• Wednesday, April 24, 2024

Women

Sunak’s mother-in-law Sudha Murty offers Pongala at Kerala’s Attukal Bhagavathy Temple

Sudha Murty (Photo by DIBYANGSHU SARKAR/AFP via Getty Images)

By: Shubham Ghosh

Sudha Murty, mother-in-law of British prime minister Rishi Sunak, was in the southern Indian state of Kerala last week to offer Pongala to the diety of Attukal Bhagavathy Temple in Thiruvananthapuram.

Murty, a recipient of India’s pretigious Padma Shri award, said she will write about the Attukal Pongala festival.

“Or I will talk about it in my speech,” Murty was quoted as saying in India’s Hindu newspaper.

Her husband Infosys co-founder N R Narayana Murthy is away from the country.

Murty, whose daughter Akshata is married to Sunak, said she was not praying for anything particular, but was there to just participate in the huge gathering of women, on the eve of the International Women’s Day on Wednesday (8).

Sunak topped the 2023 GG2 Power List for the second consecutive year and was also recognised with a coveted GG2 Hammer Award in London on Tuesday (7), the day Murty made her offering to the temple.

The Pongala festival, according to Murty, was a different experience as there were no slogans. “It is ‘nari shakti’ (women power). So many women, on their own coming from so many places. There is so much equality as women…no caste, no religion, no rich or poor…all together and helping each other, even if they may never see the other again.”

She asked a fellow participant if the rice was cooked and was told to let it cook some more; she shared coconut with someone, and helped someone else out with cardamom, The Hindu report said.

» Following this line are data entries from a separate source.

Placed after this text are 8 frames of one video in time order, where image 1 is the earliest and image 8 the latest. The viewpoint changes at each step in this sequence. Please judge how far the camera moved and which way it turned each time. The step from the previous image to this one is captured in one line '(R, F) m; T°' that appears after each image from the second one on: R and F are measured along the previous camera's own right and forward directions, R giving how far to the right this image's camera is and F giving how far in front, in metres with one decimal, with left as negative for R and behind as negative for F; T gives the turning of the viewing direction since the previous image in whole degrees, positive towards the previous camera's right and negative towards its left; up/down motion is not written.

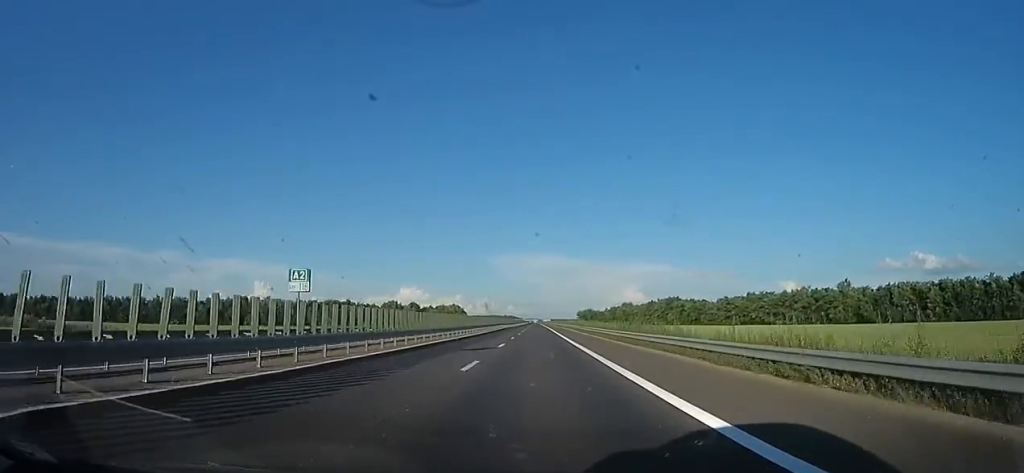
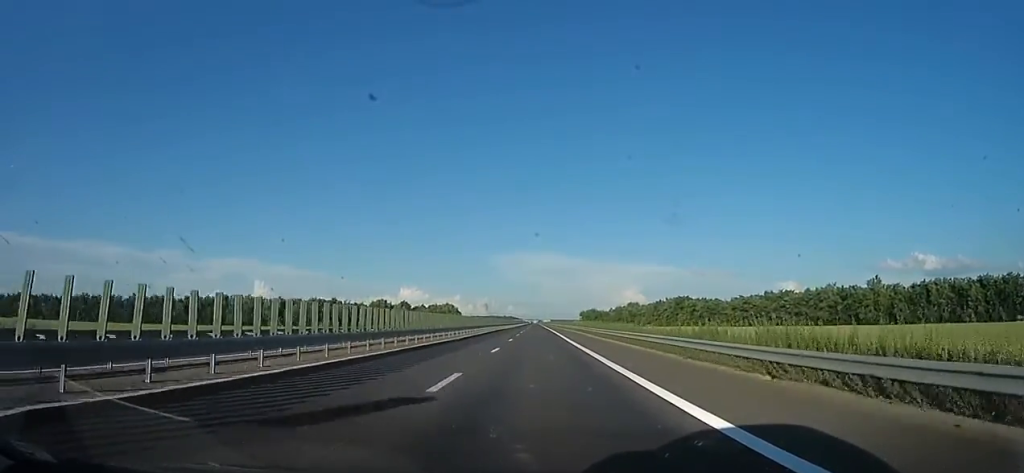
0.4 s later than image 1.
(+0.4, +15.9) m; 0°
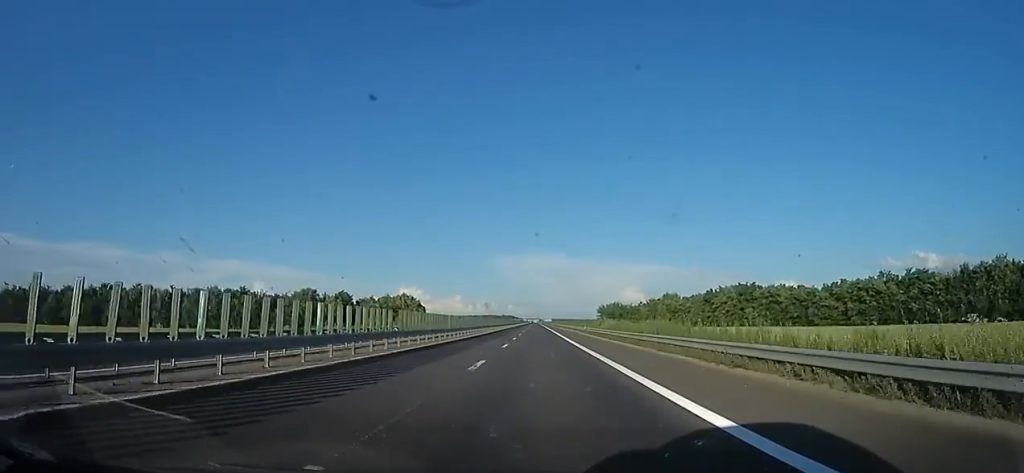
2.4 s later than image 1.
(-0.8, +67.6) m; -2°
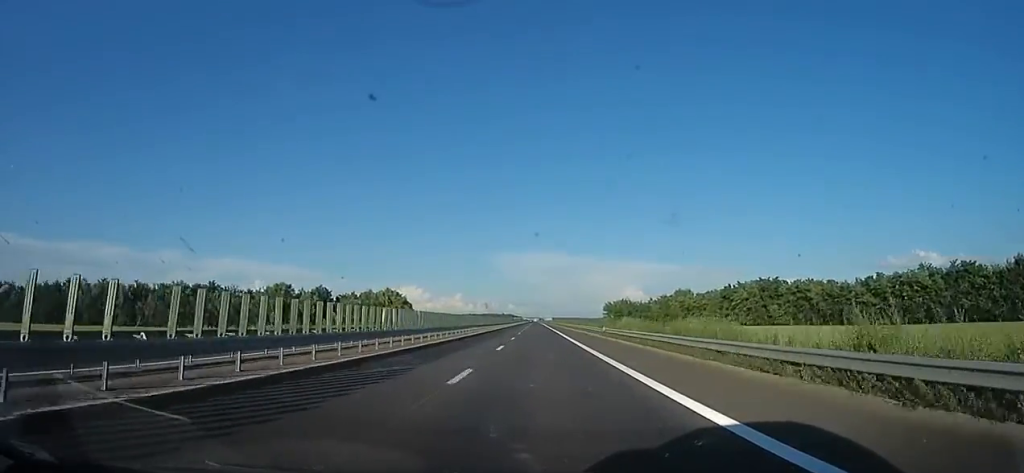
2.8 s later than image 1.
(0.0, +15.3) m; 0°
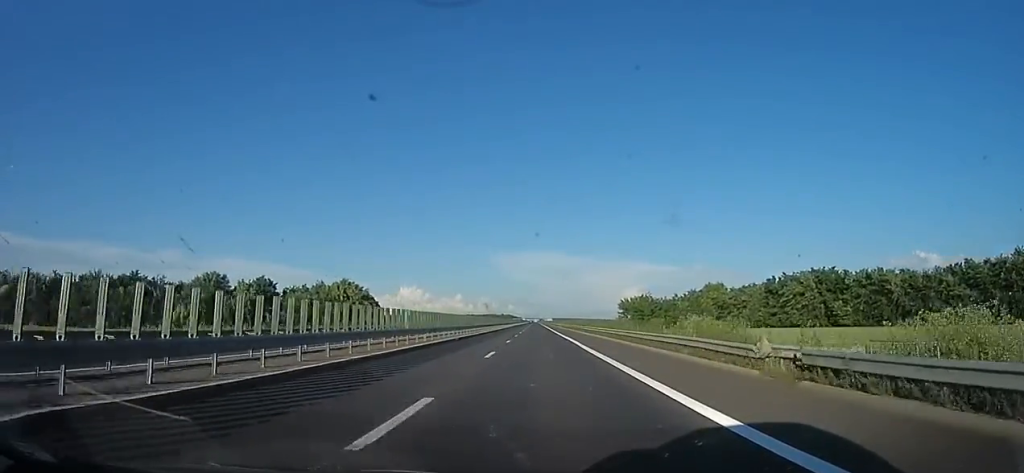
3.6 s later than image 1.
(0.0, +28.7) m; +1°
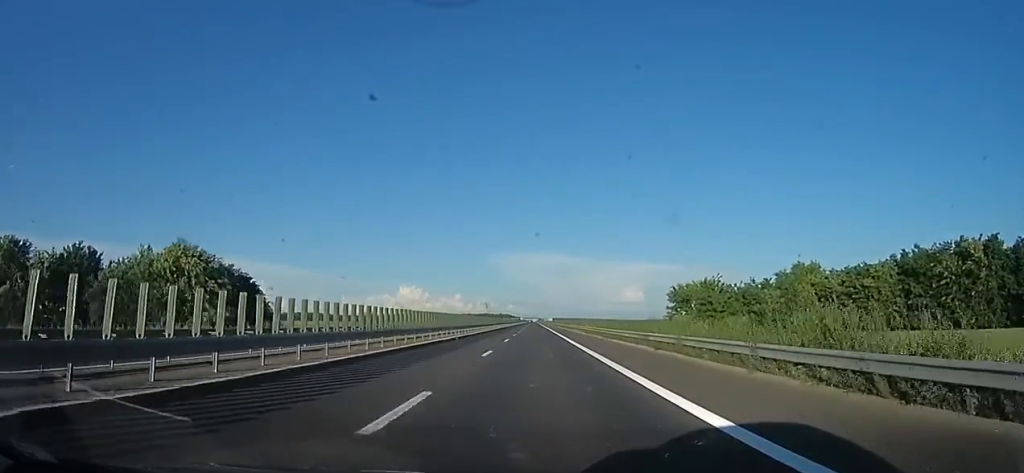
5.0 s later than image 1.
(+0.7, +47.3) m; +2°
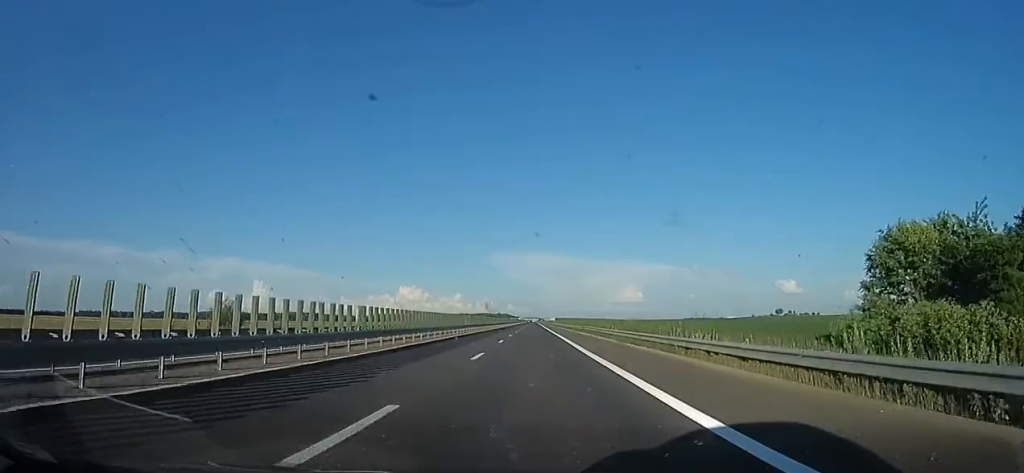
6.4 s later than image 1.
(-0.2, +49.5) m; -1°
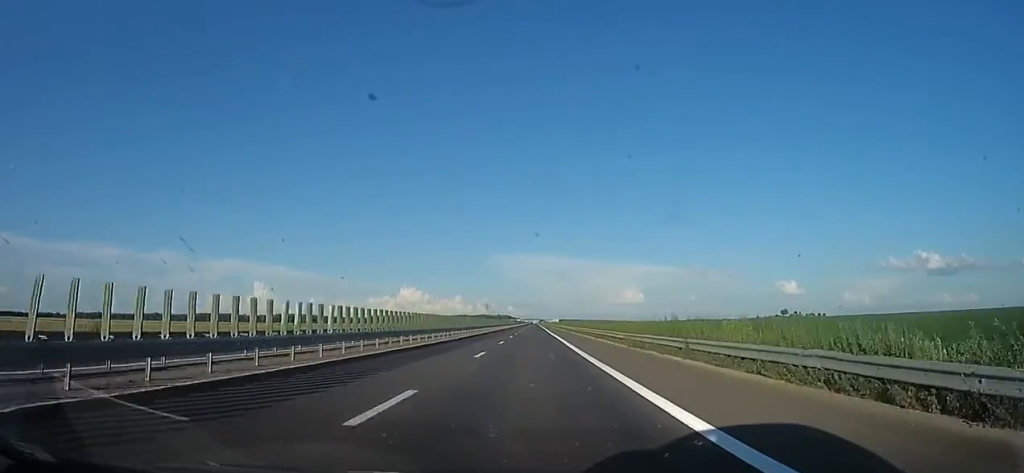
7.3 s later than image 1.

“It is helping each other without making slogans, or anyone giving instructions that this or that has to be done. I like that equality,” 72-year-old said.

Murty made Pongala using red rice, jaggery, ghee, dry fruits, and coconut — all cooked in Kerala style. Even the heat and the smoke from the hearths did not dampen her enthusiasm for she is no stranger to them. “I was brought up in Shiggaon in northern Karnataka. There was no electricity or gas there in my childhood days. So, I know how to increase or reduce the heat in the hearth.”

Attukal Pongala is considered as one of the largest women’s gatherings in the world – around 15 lakh (1.5 million) women took part in the festival this year. In 2009, the festival made it to the Guinness Book of World Records for being the largest religious gathering of women on a single day when around 2.5 million of them participated in its rituals.